Bishop Cristián Roncagliolo, who served as the Vicar General of Santiago, disclosed his departure for Spain in a WhatsApp message to priests of the archdiocese.

Roncagliolo’s departure had been in the works at least since April, when he skipped a plenary assembly of the bishops allegedly due to health reasons. The 52-year-old prelate had been receiving treatment for cancer.

News of his exit was first reported by La Tercera, a newspaper in Chile, which suggested that Roncagliolo faces accusations of inappropriate sexual conduct as well as abuse of power.

According to Ana Maria Celis, President of the Council for the Prevention of Abuse and Victim Accompaniment of the Chilean bishops, “allegations against Roncagliolo had been received.” But, she told La Tercera, it was not the council’s role to do anything about the allegations beyond forwarding them to Rome.

Crux has found that one complaint was made informally by a victim of Cristian Precht, a Chilean priest found guilty of sexually abusing children and removed from the priesthood.

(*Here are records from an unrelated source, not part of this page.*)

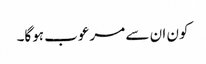
کون ان سے مرعوب ہوگا۔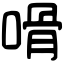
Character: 嗗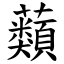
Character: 蘱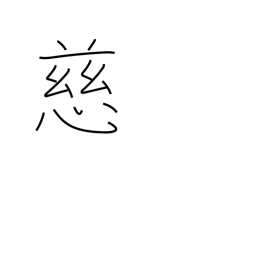
Meaning: mercy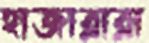
হাজারারা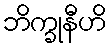
ဘိက္ခုနီဟိ

Jaime Concha says he was also abused by several Marist brothers over 50 years ago, from the time he was 10 until he finished high school.

Concha, who said he’s made a formal complaint against Roncagliolo, said he hopes it might serve as context for the Vatican’s Congregation for Bishops, which is tasked with the investigation since there are no minors involved.

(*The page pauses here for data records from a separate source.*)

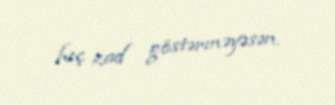
heç zad göstərməyəsən.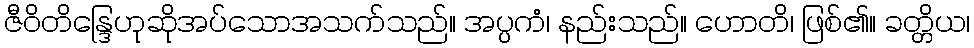
ဇီဝိတိန္ဒြေဟုဆိုအပ်သောအသက်သည်။ အပ္ပကံ၊ နည်းသည်။ ဟောတိ၊ ဖြစ်၏။ ခတ္တိယ၊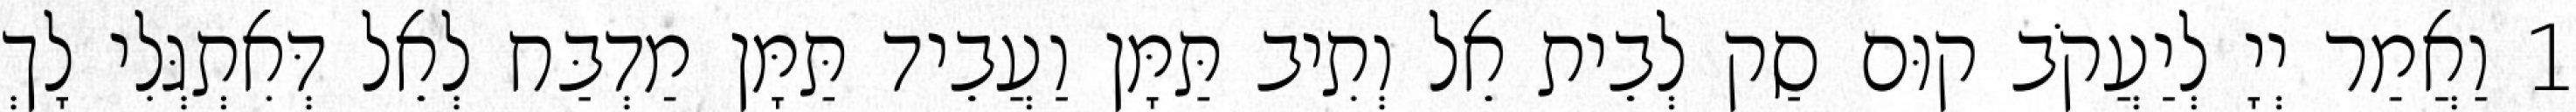
1 וַאֲמַר יְיָ לְיַעֲקֹב קוּם סַק לְבֵית אֵל וְתִיב תַּמָּן וַעֲבֵיד תַּמָּן מַדְבַּח לְאֵל דְּאִתְגְּלִי לָךְ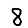
Digit: 8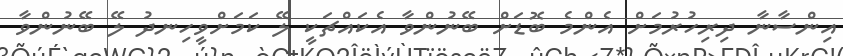
އިންސާނާ ދިރިހުރުމަށް އެންމެ ބޮޑަށް ބޭނުންވާ އެކައްޗަކީ ލޭ ކަމަށްވީހިނދު ލޭ ބޭނުންވާ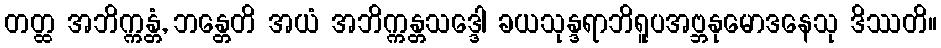
တတ္ထ အဘိက္ကန္တံ, ဘန္တေတိ အယံ အဘိက္ကန္တသဒ္ဒေါ ခယသုန္ဒရာဘိရူပအဗ္ဘနုမောဒနေသု ဒိဿတိ။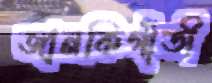
জানকিগাঁতী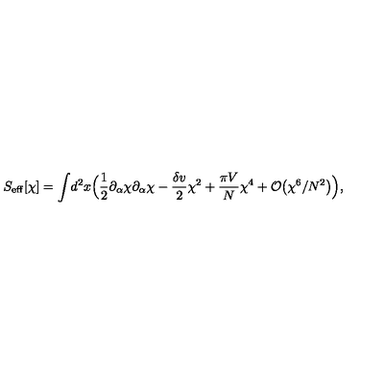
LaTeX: S _ { \mathrm { e f f } } [ \chi ] = \int \! d ^ { 2 } x \Bigl ( { \frac { 1 } { 2 } } \partial _ { \alpha } \chi \partial _ { \alpha } \chi - { \frac { \delta v } { 2 } } \chi ^ { 2 } + { \frac { \pi V } { N } } \chi ^ { 4 } + { \cal O } \bigl ( \chi ^ { 6 } / N ^ { 2 } \bigr ) \Bigr ) ,

Concha said he met Roncagliolo the first week of October 2018, after the bishop tracked him down and offered to meet with him to talk about Precht as part of an archdiocesan reparation process. The prelate, he said, took him to a fish restaurant, “ordered the most expensive dish on the menu,” and throughout the lunch insisted on trying to get every detail of what Precht had done to him.

Concha recalled that Roncagliolo asked him very specific questions: “Where had it happened?” “How far had the priest gone?” “Were there kisses?”

“He became horny, he was euphoric, had a libidinous eye,” Concha told Crux. “His behavior was not that of a priest meeting with an abuse victim.”

When the meeting ended, Concha said, he felt “the same way I felt when I was a minor and I was abused. I felt guilty for having met with him. And once again, I was struck by the feeling that I had somehow provoked him.”

Eneas Espinoza, the spokesman for Chile’s Clerical Abuse Survivors Network, told Crux that, though they have received information on Roncagliolo, what they have thus far is “partial,” so he prefers to error on the side of caution.

“Roncagliolo moves comfortably in university environments, of teaching and academic research,” said Espinoza, who, like Concha, is a survivor of the Marist Brothers. “But he’s very well protected, so concrete information, at this point, is hard to give.”

Following the La Tercera article, Bishop Alberto Lorenzelli Rossi, who succeeded Roncagliolo as Vicar General of Santiago, sent an internal memo to collaborators of the archdiocese, which was eventually made public, claiming that the allegations “of sexual connotation” indicated in the article had not been reported to the archdiocese. However, he acknowledged that the Pastoral Office for Complaints had received complaints for labor mistreatment and abuse of power by three employees of the archdiocese, “facts the bishop himself recognized and, for which, he apologized.”

The complaint came from the archdiocesan communications team, Crux has confirmed. A diocesan priest with firsthand knowledge of what happened, but who is not authorized to speak about it, said on Saturday that at the peak of the Chilean abuse crisis in 2018, Roncagliolo, who had been an auxiliary in Santiago, took charge of the archdiocese, believing that he would eventually become the archbishop.

“He’s a man willing to put in 18 hours a day, but he doesn’t realize that because a person isn’t able to follow his speed it doesn’t mean the person is lazy or a bad worker,” the unnamed priest said. “He burned himself out, and in the process, purposefully or inadvertently, he burned out everyone around him, and he became increasingly erratic, rude, and verbally abusive.”

A second priest said that Roncagliolo is one of the “bright minds” among the Chilean bishops, but he is also “manipulative, and with a double moral life,” and that his was a case the church knows all too well: “Many had heard rumors, but much like with [former cardinal Theodore] McCarrick, everyone chose to look the other way, not ask too many questions.”

A church law expert with knowledge of the case told Crux that those who have thus far come forward “did so because they suffered a lot” at the hands of the bishop who had been “asked to keep a low profile” following the situation with the diocesan employees.

It is unclear if Roncagliolo’s request to keep a low profile was a suggestion or an actual sanction, and some of Santiago’s clergy, including other bishops, are upset that they too have been kept in the dark.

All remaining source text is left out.